Ivorian singer (died 2020)

Thérèse Allah, better known as Allah Thérèse (died January 19, 2020), was a traditional singer from the village of Gbofia in the sub-prefecture of Toumodi (central Ivory Coast). A pioneer of traditional Ivorian music, Allah Thérèse was made a Knight of the Ivorian Order of Merit in 2014. She was known for her signature hairstyle, "Akôrou Koffié" (meaning "the wife of the spider" in Baoule). In her native language of Baoule, Allah translated to iroko.

She formed a musical duet with her husband, the accordionist N'Goran-la-loi until the latter's death on 20 May 2018.

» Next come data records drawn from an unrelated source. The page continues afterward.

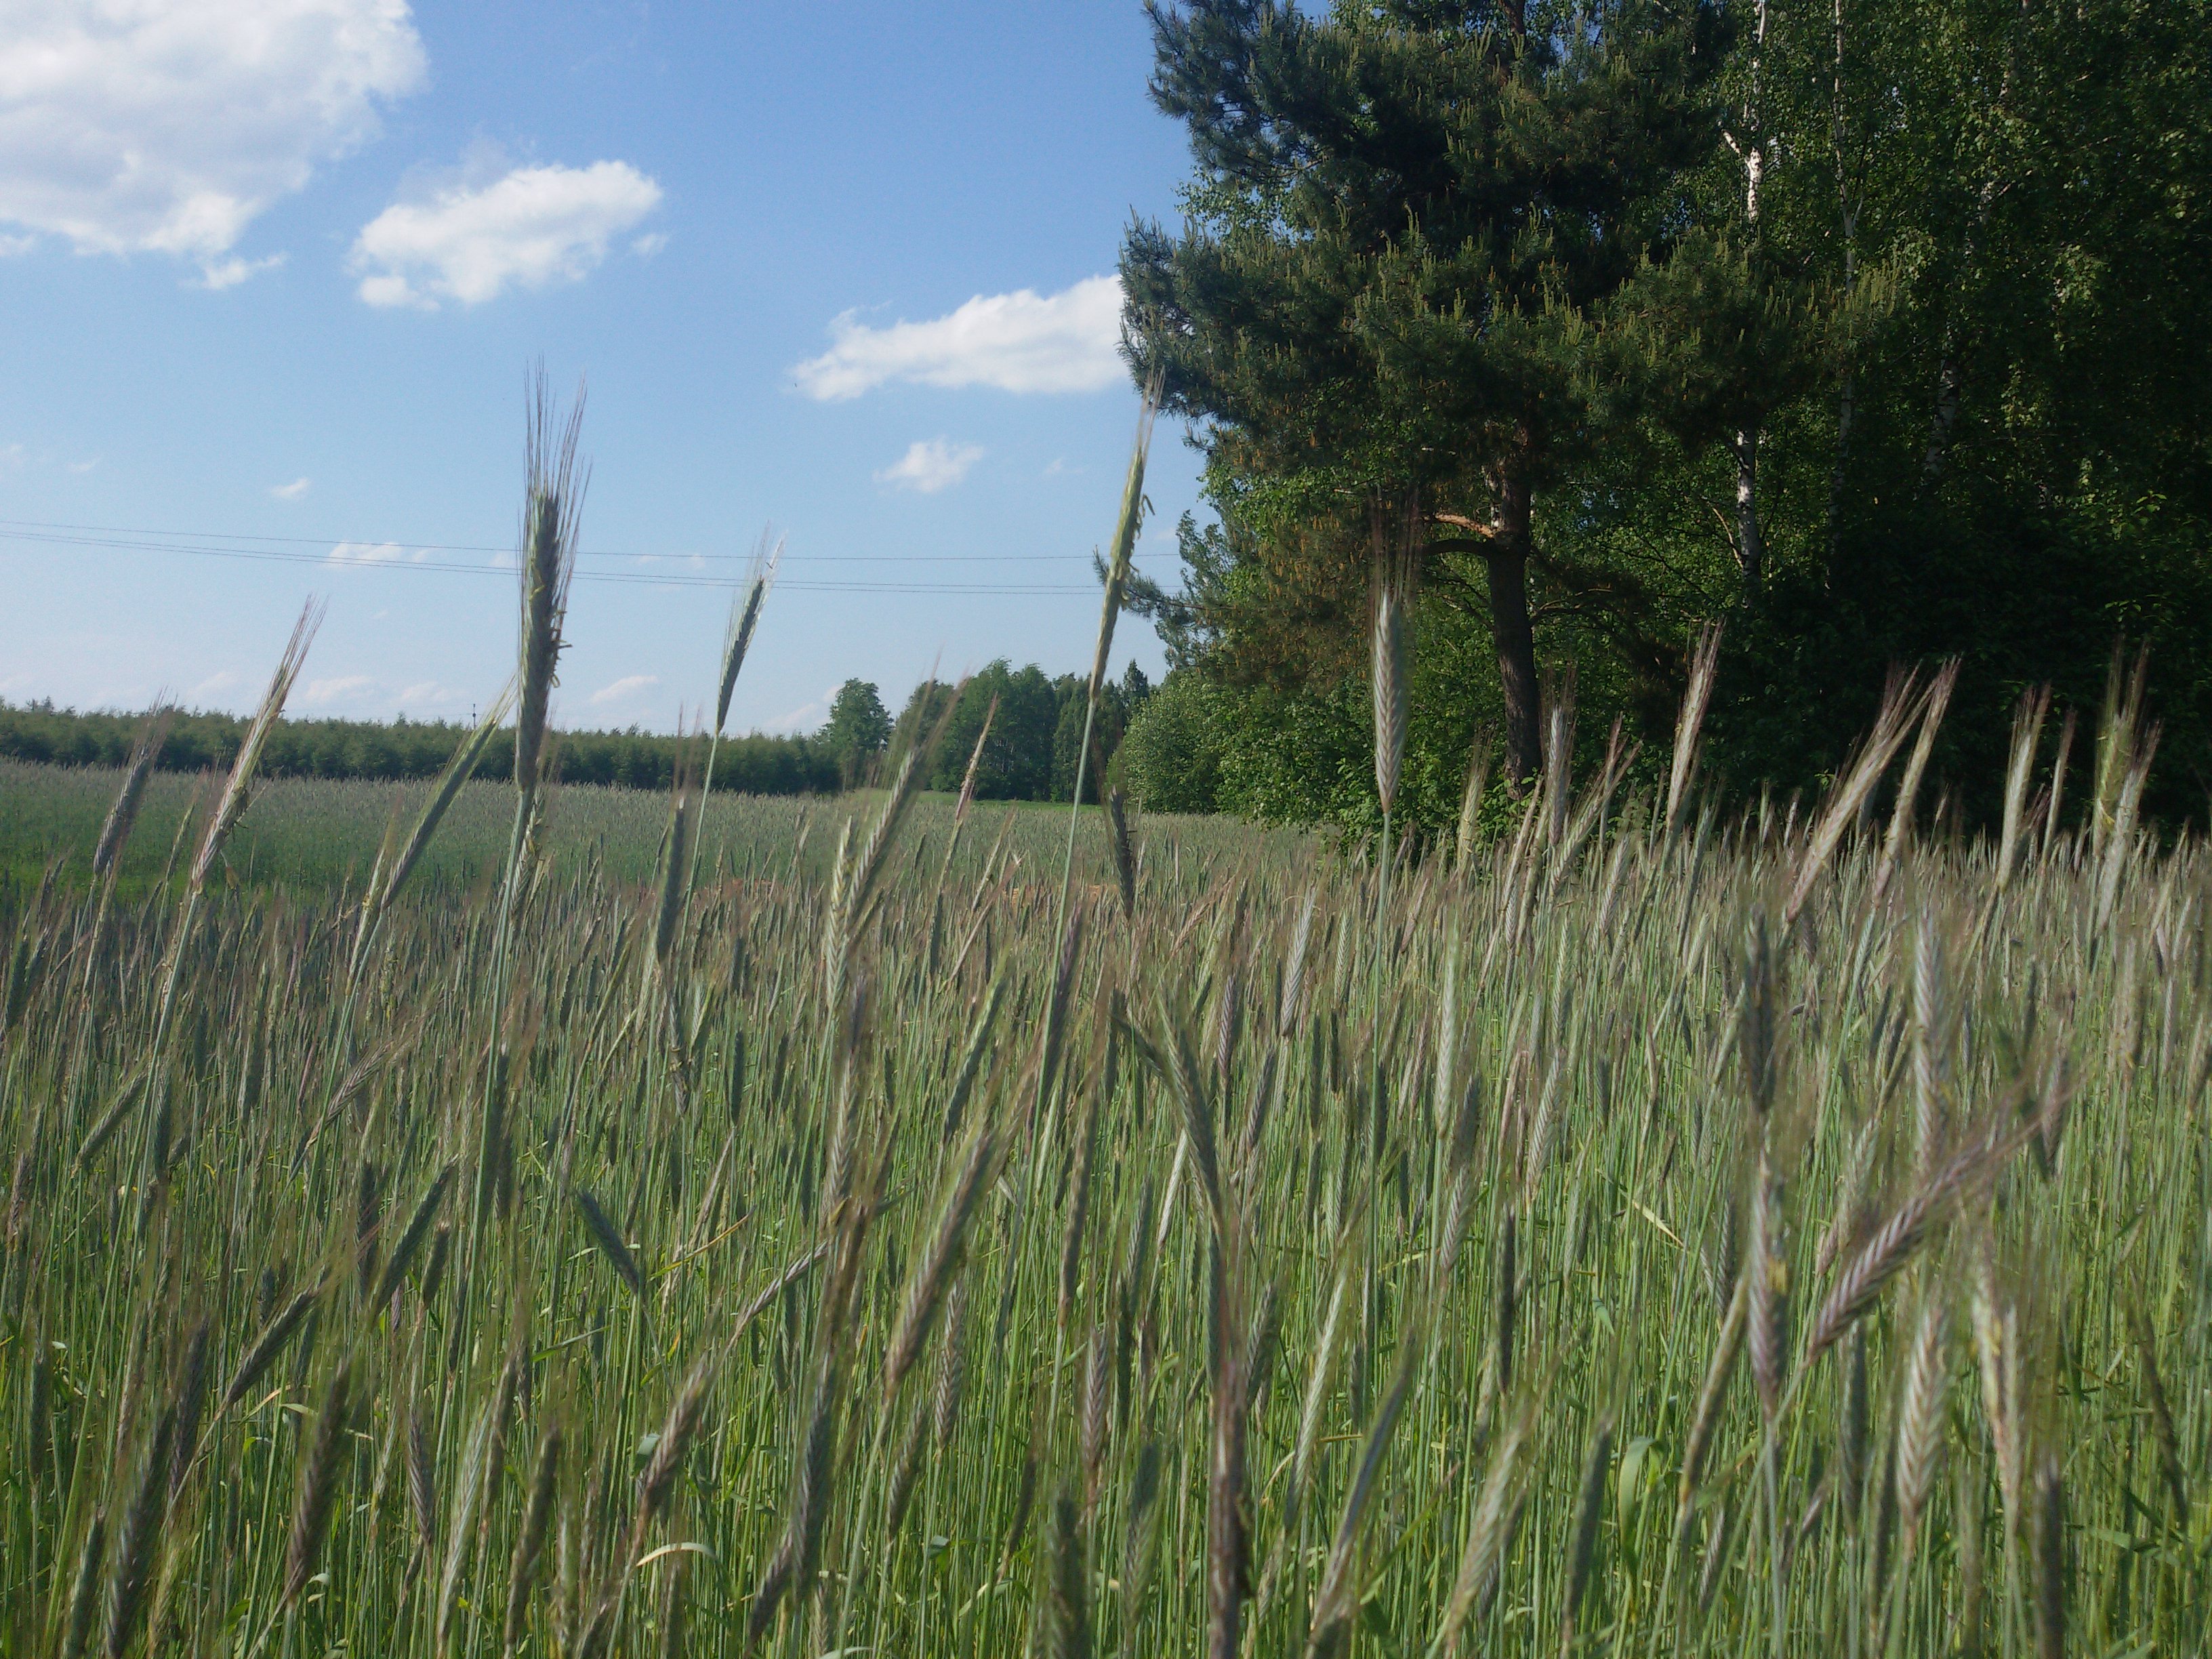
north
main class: Cropland
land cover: Rye
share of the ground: > 75 %
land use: Agriculture (excluding fallow land and kitchen gardens)
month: February
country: PL
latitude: 53.4266
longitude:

==Career and early recognition==

Allah Thérèse performed with N’Goran from 1956, and the duo enjoyed significant popularity in the 1960s and ‘70s. As of 2005, the duo produced six albums together. Their seventh and final album was released on May 21, 2018, the day after N’Goran’s death. The album is titled "Bé gnanssou moayé", which translates to “I had grace” in Baoulé.

==Legacy and retirement==
In 2014, she was made a Knight of the Ivorian Order of Merit, a distinction which came with a monthly pension and a second house in her home village of Gbofia, in the sub-prefecture of Toumodi.
Allah Thérèse reflected on her career in a 2018 interview, stating that she was satisfied with her life's work and her commitment to upholding tradition through music. She explained her absence from the stage in later years, stating that she was no longer up to the rigors of live performance. In the same interview Allah Thérèse commented that her commitment to music was her legacy, although she lamented the fact that she had no children. “I made the commitment to sing to immortalize my life. I feel happy when my fans call me mom. In my family, we are three girls who have not had children."

Allah Thérèse stated her intention to retire after her husband died of natural causes on May 20, 2018. She stated that "I can not go on anymore, we make a team, we make a pair, without him I can not continue to play”.

On January 19, 2020 Allah Thérèse was admitted to the general hospital of Djékanou where she died. Her death was lamented by Ivorian President.